Just how open negotiations will be is unclear.

Exempt from open meetings law

Senate and House leaders each named their negotiating teams, known as the budget conference committee, last Thursday. The House team alone has 25 members, all but one a Republican.

Formal talks are expected to begin this week. Asked about the Senate’s apparent willingness to open the meetings, House leaders were more restrained.

“I generally don’t have a problem with that,” said Speaker Thom Tillis of Huntersville. Rep. Nelson Dollar of Cary, who co-chairs the House negotiators, said he hadn’t had a chance to talk with his Senate counterparts.

Unlike regular standing committees on topics such as education or health care, conference committees aren’t subject to the state’s open meetings law, said Gerry Cohen, the General Assembly’s special counsel.

When Democratic lawmakers came under pressure to open their super-sub negotiations in the ’80s, they did so grudgingly, at one point speaking in a sort of code. When he was Speaker, Raleigh Democrat Dan Blue began opening the process.

“It was absolutely appalling that you could spend billions of taxpayer dollars and taxpayers never saw the light of the process,” said Blue, now Senate minority leader.

Some Democrats are skeptical about Republicans’ appetite for openness.

“It’s surprising that after putting together a budget without any public input, suddenly there’s talk about opening the whole thing up,” said Rep.

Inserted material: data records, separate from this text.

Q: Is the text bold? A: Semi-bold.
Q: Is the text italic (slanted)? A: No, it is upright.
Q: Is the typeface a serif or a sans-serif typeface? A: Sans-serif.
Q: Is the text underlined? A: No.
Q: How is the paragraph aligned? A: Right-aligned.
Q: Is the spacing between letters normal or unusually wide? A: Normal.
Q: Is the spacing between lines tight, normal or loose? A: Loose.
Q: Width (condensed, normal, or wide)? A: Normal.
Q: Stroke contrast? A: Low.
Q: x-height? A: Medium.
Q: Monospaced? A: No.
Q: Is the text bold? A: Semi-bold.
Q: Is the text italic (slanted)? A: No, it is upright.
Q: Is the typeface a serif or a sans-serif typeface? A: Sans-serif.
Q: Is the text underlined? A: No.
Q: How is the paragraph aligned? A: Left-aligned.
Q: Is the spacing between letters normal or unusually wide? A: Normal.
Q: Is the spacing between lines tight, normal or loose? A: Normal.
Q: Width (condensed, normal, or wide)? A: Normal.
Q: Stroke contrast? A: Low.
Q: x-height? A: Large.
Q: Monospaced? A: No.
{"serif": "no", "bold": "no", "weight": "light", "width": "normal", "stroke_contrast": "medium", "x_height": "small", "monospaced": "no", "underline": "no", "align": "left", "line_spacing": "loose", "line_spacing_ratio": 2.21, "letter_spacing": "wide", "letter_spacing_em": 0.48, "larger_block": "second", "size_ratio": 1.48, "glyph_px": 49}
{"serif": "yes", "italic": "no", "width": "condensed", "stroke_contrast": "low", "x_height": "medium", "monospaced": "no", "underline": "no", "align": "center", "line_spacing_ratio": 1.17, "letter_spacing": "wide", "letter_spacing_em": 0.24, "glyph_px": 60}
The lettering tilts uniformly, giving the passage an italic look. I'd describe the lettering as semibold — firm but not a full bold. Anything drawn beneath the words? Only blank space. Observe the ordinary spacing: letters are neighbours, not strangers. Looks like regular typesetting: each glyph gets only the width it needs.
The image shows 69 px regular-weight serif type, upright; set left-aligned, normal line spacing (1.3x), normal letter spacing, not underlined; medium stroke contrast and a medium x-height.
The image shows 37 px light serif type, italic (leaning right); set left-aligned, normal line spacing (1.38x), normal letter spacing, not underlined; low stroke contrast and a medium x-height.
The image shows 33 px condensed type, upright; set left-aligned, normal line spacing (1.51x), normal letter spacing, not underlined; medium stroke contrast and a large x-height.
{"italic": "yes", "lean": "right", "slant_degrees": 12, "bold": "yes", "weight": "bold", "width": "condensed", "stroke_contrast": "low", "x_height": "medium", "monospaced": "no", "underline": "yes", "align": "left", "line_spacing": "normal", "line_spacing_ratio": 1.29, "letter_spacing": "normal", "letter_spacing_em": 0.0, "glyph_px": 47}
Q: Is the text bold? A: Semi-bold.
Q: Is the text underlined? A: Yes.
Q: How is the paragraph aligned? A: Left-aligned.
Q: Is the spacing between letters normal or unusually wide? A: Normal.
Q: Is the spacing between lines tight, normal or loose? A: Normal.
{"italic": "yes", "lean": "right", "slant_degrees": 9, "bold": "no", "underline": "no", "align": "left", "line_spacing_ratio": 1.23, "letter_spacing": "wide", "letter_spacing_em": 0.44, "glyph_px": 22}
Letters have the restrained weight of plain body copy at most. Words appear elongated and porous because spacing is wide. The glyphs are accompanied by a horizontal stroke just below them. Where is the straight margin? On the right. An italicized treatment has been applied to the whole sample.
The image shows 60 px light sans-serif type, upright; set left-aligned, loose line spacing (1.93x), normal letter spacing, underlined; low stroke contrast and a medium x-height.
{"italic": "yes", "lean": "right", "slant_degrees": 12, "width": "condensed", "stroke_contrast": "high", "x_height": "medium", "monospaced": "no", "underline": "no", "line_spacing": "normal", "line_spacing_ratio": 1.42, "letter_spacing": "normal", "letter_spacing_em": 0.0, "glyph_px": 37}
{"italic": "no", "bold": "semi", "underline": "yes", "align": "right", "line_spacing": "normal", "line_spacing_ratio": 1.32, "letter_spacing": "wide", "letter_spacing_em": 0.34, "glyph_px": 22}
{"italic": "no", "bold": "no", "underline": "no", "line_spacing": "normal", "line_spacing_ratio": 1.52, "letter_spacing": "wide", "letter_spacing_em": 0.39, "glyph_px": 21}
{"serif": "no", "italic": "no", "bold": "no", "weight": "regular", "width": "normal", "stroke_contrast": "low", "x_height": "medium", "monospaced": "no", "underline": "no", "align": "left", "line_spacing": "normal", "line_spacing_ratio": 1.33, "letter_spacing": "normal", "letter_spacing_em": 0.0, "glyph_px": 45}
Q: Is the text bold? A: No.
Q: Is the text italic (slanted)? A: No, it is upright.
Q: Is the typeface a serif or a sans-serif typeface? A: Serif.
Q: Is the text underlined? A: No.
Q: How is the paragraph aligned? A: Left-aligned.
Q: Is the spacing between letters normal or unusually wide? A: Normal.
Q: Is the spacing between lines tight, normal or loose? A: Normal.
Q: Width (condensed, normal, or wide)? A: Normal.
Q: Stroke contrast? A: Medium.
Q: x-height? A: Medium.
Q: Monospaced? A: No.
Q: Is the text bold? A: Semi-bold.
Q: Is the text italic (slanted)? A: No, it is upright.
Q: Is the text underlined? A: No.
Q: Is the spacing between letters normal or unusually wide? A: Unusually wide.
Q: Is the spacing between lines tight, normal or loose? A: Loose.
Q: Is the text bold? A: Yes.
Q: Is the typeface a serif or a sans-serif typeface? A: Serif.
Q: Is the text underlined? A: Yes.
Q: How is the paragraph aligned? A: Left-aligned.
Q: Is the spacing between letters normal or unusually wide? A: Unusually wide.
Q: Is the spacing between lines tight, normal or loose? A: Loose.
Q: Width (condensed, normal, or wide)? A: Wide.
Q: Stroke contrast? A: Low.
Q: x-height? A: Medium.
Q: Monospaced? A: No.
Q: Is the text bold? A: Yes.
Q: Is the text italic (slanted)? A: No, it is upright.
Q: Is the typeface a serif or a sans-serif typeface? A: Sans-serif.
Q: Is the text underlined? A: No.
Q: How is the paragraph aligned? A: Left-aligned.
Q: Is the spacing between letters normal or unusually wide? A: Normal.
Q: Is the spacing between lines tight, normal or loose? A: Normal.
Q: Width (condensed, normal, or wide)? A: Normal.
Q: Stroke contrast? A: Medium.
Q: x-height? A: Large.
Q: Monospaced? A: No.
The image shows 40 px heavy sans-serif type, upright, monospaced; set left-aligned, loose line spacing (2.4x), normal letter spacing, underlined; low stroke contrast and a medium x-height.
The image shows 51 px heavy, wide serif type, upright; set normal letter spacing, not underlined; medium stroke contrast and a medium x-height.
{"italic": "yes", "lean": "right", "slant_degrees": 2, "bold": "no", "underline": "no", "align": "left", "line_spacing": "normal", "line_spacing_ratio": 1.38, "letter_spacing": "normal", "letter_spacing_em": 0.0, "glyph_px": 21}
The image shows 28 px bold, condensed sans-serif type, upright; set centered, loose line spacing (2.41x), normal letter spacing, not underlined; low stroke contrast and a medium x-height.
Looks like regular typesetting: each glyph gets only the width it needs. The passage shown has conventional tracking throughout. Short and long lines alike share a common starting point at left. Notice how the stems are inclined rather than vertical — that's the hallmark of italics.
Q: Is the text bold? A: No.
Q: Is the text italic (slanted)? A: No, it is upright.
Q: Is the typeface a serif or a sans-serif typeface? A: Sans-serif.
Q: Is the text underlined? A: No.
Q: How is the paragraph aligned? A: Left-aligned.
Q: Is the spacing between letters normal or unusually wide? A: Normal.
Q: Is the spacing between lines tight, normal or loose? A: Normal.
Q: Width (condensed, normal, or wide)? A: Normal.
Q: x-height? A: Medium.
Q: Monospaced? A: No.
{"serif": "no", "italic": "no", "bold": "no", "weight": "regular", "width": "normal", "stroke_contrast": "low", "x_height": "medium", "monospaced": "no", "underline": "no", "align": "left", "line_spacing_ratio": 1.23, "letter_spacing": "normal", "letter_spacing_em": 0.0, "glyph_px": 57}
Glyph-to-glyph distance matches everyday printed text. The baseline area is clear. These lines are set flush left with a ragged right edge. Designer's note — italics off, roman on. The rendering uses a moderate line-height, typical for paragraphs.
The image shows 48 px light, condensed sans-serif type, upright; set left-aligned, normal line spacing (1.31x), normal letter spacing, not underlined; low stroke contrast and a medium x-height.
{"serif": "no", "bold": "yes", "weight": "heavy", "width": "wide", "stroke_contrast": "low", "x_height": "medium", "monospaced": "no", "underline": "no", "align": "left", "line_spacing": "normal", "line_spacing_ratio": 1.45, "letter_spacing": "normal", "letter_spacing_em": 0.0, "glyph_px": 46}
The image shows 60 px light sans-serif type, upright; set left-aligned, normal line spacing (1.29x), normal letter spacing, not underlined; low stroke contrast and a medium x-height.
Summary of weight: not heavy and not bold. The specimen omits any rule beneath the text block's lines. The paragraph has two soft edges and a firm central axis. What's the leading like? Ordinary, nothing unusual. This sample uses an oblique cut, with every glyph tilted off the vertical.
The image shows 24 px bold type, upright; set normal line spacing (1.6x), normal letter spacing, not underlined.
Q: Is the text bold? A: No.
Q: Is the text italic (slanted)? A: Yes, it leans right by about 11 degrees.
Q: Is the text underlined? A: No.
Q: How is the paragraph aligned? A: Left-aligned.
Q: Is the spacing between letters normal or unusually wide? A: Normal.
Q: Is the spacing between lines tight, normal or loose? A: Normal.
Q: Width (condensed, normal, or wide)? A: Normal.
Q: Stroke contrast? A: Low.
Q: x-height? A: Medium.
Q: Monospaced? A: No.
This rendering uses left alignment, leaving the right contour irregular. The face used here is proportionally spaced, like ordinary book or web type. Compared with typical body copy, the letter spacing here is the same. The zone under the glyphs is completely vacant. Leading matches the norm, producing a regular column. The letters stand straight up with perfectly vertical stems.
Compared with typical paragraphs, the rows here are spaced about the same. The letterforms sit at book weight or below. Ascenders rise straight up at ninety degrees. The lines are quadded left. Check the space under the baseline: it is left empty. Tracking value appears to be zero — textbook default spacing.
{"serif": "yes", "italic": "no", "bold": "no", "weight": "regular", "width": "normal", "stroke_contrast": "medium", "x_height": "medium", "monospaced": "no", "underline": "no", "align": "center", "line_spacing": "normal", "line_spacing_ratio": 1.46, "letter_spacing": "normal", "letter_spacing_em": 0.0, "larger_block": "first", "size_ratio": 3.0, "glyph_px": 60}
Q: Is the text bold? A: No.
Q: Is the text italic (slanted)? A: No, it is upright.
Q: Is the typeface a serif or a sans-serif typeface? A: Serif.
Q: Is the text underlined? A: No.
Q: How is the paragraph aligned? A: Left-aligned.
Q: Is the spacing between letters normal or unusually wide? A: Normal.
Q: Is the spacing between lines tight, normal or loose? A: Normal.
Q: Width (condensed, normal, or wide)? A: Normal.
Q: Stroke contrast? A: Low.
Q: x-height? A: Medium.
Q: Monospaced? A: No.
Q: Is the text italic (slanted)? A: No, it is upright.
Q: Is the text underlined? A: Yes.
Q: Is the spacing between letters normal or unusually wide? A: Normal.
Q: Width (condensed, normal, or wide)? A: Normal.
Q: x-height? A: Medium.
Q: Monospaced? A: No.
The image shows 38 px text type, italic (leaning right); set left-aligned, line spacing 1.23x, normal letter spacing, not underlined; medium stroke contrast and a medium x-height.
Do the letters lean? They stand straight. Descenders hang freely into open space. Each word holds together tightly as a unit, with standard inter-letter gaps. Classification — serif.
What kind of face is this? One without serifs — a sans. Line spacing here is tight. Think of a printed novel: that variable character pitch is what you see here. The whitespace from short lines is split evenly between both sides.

Paul Luebke, a Durham Democrat in office since 1991.

“If they’ve negotiated all the details and open it just to rubber-stamp it, that’s an empty act, basically a waste of time,” Blue said.

Key decisions

One Senate negotiator, Tommy Tucker of Waxhaw, said GOP senators seem intent on opening the process.

“There’s a pretty fair consensus about going on and opening up to the public,” he said. “We don’t have anything to hide.”

The process of making important decisions could still remain behind closed doors. And in fact some Senate committee leaders already have met with House counterparts.

That wouldn’t surprise Ferrel Guillory, a political analyst at UNC Chapel Hill. He expects the big decisions to be made in private.

“While we would all applaud an effort by the state Senate to say all negotiations are open, sooner or later … we’ll end up with key decisions made by key decision-makers,” he said. “When things get stuck, somebody will unstick them.”